Work instructions. Could you transcribe each entry below exactly, minus the images?

Record excerpts.
===

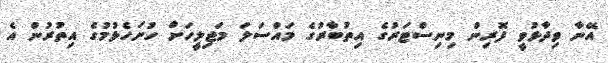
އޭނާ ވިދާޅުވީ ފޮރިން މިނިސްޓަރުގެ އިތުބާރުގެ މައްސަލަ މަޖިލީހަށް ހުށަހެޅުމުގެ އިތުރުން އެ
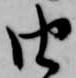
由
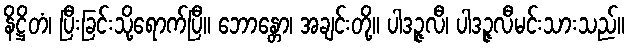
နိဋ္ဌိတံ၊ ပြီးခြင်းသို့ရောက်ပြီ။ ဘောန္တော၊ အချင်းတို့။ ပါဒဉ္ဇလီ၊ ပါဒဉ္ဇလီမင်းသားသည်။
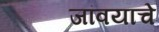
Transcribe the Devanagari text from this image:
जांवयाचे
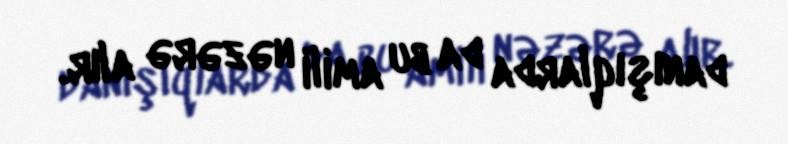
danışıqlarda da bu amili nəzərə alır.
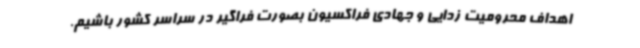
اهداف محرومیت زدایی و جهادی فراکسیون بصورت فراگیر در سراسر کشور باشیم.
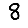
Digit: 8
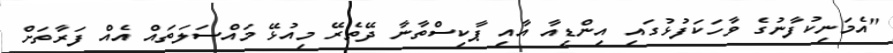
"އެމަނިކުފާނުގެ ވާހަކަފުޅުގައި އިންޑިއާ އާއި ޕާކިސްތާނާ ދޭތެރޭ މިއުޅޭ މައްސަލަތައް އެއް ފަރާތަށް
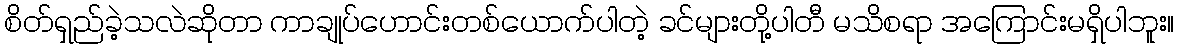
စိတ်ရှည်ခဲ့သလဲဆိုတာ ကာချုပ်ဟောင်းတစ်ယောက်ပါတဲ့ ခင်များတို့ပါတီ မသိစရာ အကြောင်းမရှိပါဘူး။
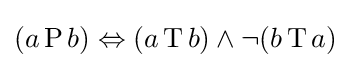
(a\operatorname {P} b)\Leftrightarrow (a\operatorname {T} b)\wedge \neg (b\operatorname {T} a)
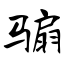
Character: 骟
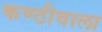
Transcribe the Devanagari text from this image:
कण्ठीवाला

===

Solved problem.
އޭނާ ވިދާޅުވީ ފޮރިން މިނިސްޓަރުގެ އިތުބާރުގެ މައްސަލަ މަޖިލީހަށް ހުށަހެޅުމުގެ އިތުރުން އެ
由
နိဋ္ဌိတံ၊ ပြီးခြင်းသို့ရောက်ပြီ။ ဘောန္တော၊ အချင်းတို့။ ပါဒဉ္ဇလီ၊ ပါဒဉ္ဇလီမင်းသားသည်။
Transcribe the Devanagari text from this image:
जांवयाचे
danışıqlarda da bu amili nəzərə alır.
اهداف محرومیت زدایی و جهادی فراکسیون بصورت فراگیر در سراسر کشور باشیم.
Digit: 8
"އެމަނިކުފާނުގެ ވާހަކަފުޅުގައި އިންޑިއާ އާއި ޕާކިސްތާނާ ދޭތެރޭ މިއުޅޭ މައްސަލަތައް އެއް ފަރާތަށް
စိတ်ရှည်ခဲ့သလဲဆိုတာ ကာချုပ်ဟောင်းတစ်ယောက်ပါတဲ့ ခင်များတို့ပါတီ မသိစရာ အကြောင်းမရှိပါဘူး။
(a\operatorname {P} b)\Leftrightarrow (a\operatorname {T} b)\wedge \neg (b\operatorname {T} a)
Character: 骟
Transcribe the Devanagari text from this image:
कण्ठीवाला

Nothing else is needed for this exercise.